# Full bloom filter blob capacity is never used?

### (1) By J. Schaefer (jschaefer) on 2023-06-11 21:34:45 [source]

Hello,

I am currently trying to understand how the bloom filter hashing works in sqlite (latest trunk).

In *where.c* an `OP_Blob`

is set up with at least 80K bits of space for the bloom filter:
```
sz = sqlite3LogEstToInt(pTab->nRowLogEst);
if( sz<10000 ){
sz = 10000;
// ...
sqlite3VdbeAddOp2(v, OP_Blob, (int)sz, pLevel->regFilter);
```

So there is now a Blob with a size of at least 10000 bytes (80K bit).

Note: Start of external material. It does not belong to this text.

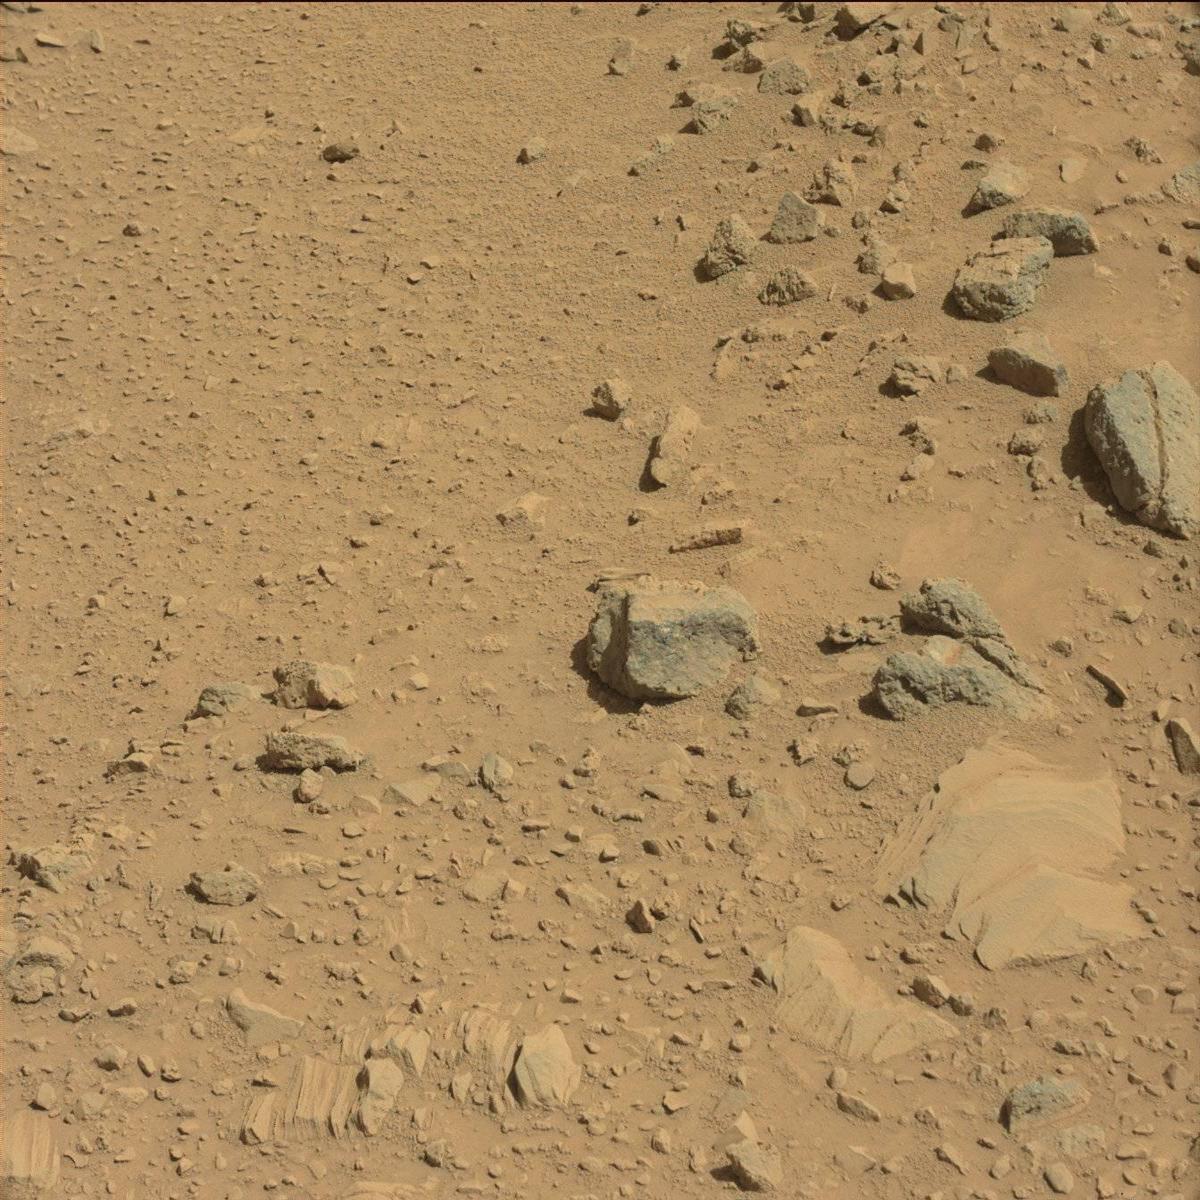
Terrain classes present: Bedrock, Rock, Sand / Soil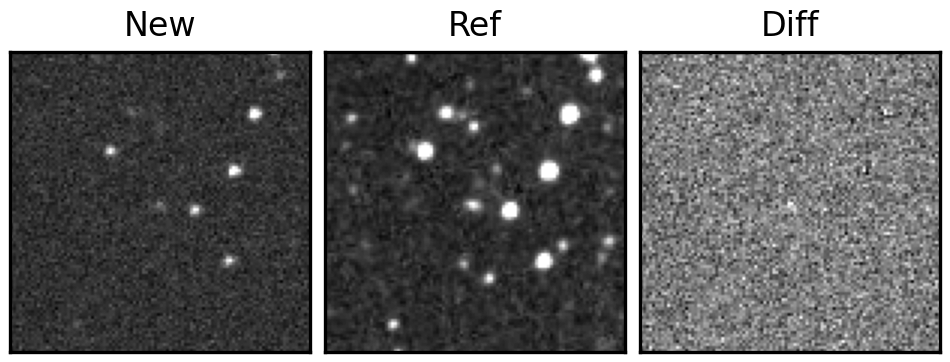
Label: real

Then in *vdbe.c* in `case OP_FilterAdd`

the filter is filled.
Here `h`

is the result of a hashing function and now a single 1 needs to be set in the filter:

```
h = filterHash(aMem, pOp);
// ...
h %= pIn1->n;
pIn1->z[h/8] |= 1<<(h&7);
```

I think `pIn1->z`

is the filter-blob and `pIn1->n`

is the size of the filter blob.
In case of e.g. the filter having the minimal size of 80K bits `pIn1->n`

is 10000 bytes.
Thus after the modulo operation `h`

can only be at max 9999.
Then `pIn1->z[h/8]`

indicates that only bytes 0 to 1249 (==9999/8) can ever be addressed, and bytes 1250 to 9999 will always stay zeroed.

The same is of course happening `case OP_Filter`

.

If I am understanding this correctly this means for variable sized filters that 87.5% of the reserved filter space can never be used, thus raising the probability of false positives from ideally 11.75% to 63.2%?

Or have I overlooked something?

Thanks and best regards

J. Schaefer

### (2.1) Originally by Dan Kennedy (dan) with edits by Larry Brasfield (larrybr) on 2023-06-12 15:42:45 from 2.0 in reply to 1 [link] [source]

You're quite right of course. Thanks for reporting this. Now fixed here.

Dan.

### (3) By Spindrift (spindrift) on 2023-06-12 15:14:47 in reply to 2.0 [link] [source]

Hi Dan - I think you've accidentally linked back to this forum post rather than the check-in.